Does a will increase probate expenses?

No. If there is property to be administered or taxes to be paid or both, the existence of a will does not increase probate expenses. A will frequently can reduce expenses. If there is real or personal property to be transferred at your death, the probate court will have jurisdiction to ensure that it is transferred properly, either according to your will, or, if there is no will, in accordance with the inheritance statute. Thus, even if you have no will, your heirs must go to court to administer your estate, obtain an order determining your legal heirs, or obtain a determination that administration is unnecessary. These procedures are often more expensive than administering your will, since a properly drawn will names the beneficiaries and delineates procedures to simplify the administration process.

Are estates by entireties or joint tenancy with right of survivorship substitutes for a will?

Joint tenancies with rights of survivorship can be established when two or more persons title bank accounts and other assets in their multiple names with the intent to have ownership pass directly to the surviving named owners when one dies. A “tenancy by the entireties” is much the same but involves only married persons. These forms of joint ownership can avoid probate of the account or other asset when an owner passes away. While this can be very efficient in some cases, use of joint ownership can be fraught with problems at death and cause more problems than it solves.

Among other unforeseen problems, indiscriminate use of joint ownership can cause an increase in estate taxes over the joint lives of married persons, force double probates in the event of simultaneous deaths, create unfairness as to who pays for funeral expenses and claims against the decedent, raise undesired exposure during life to the debts of co-owners, and cause a shortage of funds for payment of estate taxes which can cause litigation with the taxing authorities.

Is a life insurance program a substitute for a will?

No. Life insurance is only one kind of property that a person may own and it is governed by the terms of the contract and designated beneficiary (ies) are stipulated in the terms of the agreement. In contrast, a will is necessary to dispose of other assets that a person owns at death. If a life insurance policy is payable to an individual, the will of the insured has no effect on the proceeds. If the policy is payable to the estate of the insured, the disposition of the proceeds may be directed by the will. Life insurance can be useful in providing cash at death for payment of taxes and expenses, but like most strategies for insurance, the careful person will consult a lawyer, a life insurance counselor, and a financial advisor. Mistakes in ownership and beneficiary designations in these policies can cause great increases in estate taxes owed.

Is a trust a substitute for a will?

IIn most instances, a trust is NOT a substitute for a will. However, a trust may be used in addition to a will. This is because a trust can handle only the property that has been put into it. Any property of a person that is not placed in the trust either during a life or at death in most instances escapes the control of the trust.
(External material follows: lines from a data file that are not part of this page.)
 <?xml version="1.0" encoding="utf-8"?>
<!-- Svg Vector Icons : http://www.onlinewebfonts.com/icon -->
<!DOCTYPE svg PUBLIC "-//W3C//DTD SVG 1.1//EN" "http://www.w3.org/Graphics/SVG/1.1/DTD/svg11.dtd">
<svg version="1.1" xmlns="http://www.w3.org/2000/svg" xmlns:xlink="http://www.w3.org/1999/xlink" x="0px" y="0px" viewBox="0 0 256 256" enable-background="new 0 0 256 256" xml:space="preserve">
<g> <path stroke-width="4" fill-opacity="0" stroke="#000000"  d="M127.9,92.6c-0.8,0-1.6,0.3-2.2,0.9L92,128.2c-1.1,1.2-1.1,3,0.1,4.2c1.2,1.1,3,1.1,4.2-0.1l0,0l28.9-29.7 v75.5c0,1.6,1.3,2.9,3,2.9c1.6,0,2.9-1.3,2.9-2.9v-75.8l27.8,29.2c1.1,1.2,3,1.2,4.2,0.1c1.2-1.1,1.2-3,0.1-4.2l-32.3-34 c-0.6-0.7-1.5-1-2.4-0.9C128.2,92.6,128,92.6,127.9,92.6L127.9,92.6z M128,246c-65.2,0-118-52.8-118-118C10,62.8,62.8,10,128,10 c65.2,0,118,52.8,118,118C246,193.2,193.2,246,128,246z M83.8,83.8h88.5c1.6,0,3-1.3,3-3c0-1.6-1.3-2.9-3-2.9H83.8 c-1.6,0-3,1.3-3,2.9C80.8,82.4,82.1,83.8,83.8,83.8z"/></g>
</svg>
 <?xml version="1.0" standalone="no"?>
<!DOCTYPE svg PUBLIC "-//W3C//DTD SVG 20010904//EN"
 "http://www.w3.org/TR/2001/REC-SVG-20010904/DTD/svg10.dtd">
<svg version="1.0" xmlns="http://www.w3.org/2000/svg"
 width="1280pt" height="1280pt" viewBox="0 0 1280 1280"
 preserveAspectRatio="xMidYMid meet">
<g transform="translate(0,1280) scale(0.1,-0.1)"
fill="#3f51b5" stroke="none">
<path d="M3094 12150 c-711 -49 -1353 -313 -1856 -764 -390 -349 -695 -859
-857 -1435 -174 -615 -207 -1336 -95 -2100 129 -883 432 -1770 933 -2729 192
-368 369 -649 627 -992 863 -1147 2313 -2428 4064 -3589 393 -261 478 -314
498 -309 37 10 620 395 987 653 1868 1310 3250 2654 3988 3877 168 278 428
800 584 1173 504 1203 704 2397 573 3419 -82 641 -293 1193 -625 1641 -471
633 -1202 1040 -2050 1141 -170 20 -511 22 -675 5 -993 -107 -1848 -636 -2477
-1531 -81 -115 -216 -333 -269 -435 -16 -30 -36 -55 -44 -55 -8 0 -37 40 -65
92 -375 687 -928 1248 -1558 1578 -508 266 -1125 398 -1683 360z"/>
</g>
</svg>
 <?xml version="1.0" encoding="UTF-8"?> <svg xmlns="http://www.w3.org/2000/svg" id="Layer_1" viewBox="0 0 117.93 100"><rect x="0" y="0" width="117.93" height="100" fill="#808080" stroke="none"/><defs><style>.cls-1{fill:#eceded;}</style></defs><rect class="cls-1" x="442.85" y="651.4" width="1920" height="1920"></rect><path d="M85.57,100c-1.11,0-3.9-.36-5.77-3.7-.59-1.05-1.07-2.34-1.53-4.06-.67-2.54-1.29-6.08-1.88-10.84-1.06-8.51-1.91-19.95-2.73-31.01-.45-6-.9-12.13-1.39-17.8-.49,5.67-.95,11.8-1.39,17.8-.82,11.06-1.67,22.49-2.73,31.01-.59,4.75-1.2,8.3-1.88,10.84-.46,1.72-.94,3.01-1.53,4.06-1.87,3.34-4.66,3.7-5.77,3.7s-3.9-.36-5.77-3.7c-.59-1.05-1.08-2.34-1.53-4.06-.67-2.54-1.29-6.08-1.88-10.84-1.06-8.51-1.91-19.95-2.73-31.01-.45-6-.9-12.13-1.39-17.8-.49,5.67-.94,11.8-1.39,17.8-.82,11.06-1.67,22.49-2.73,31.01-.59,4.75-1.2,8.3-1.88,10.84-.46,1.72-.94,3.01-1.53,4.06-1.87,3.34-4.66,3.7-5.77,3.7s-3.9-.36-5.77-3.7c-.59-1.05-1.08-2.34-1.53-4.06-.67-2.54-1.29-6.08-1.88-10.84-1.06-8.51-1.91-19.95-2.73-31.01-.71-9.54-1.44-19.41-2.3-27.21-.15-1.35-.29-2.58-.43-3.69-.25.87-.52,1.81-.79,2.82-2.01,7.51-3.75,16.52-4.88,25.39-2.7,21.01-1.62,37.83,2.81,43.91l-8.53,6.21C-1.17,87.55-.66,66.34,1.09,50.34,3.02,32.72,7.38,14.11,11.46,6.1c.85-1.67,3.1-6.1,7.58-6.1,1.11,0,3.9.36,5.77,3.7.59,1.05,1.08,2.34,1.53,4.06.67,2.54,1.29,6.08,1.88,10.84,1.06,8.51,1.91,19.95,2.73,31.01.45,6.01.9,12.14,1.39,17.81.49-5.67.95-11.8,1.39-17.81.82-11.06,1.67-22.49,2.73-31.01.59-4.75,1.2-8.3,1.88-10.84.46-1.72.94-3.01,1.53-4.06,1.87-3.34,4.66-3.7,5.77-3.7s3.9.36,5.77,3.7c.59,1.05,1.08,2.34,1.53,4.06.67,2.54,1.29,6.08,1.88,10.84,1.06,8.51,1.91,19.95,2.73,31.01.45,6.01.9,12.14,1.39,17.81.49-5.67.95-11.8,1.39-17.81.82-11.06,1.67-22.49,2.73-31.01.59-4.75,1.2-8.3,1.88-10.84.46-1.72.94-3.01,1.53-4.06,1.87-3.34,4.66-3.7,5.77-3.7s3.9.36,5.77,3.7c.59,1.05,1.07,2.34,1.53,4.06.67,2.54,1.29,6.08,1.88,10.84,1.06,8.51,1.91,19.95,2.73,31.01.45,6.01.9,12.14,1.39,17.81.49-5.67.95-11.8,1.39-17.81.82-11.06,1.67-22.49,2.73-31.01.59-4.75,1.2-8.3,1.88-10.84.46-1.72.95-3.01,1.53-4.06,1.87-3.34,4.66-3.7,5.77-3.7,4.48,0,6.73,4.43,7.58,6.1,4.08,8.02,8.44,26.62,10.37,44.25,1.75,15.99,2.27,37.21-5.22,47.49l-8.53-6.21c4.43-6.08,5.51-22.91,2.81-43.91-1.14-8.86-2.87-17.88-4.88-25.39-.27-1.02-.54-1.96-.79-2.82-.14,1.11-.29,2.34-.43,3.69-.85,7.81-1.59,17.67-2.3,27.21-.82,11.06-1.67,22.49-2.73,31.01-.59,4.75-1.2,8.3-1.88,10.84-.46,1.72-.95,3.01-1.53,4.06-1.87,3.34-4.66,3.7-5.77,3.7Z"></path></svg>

It is the will that controls all property in a decedent’s name at the time of death if the will is drafter properly. Trusts can be helpful to speed administration and save taxes if they are drafted properly and funded during life with the property intended to be transferred by the trust. Often, improperly drafted or incorrectly funded or administered trusts can add to the cost of settling estates, not lower it. Furthermore, it is the probate of the will that can clear creditor’s claims, which is not possible with just a trust administration.

Do you have to go to court to probate a will?

No, personal court appearances are usually not needed to probate a will. However, documents must be filed with the court to procure a probate order and administer estates. In most counties, neither the estate attorney nor the interested persons ever appear in the courtroom.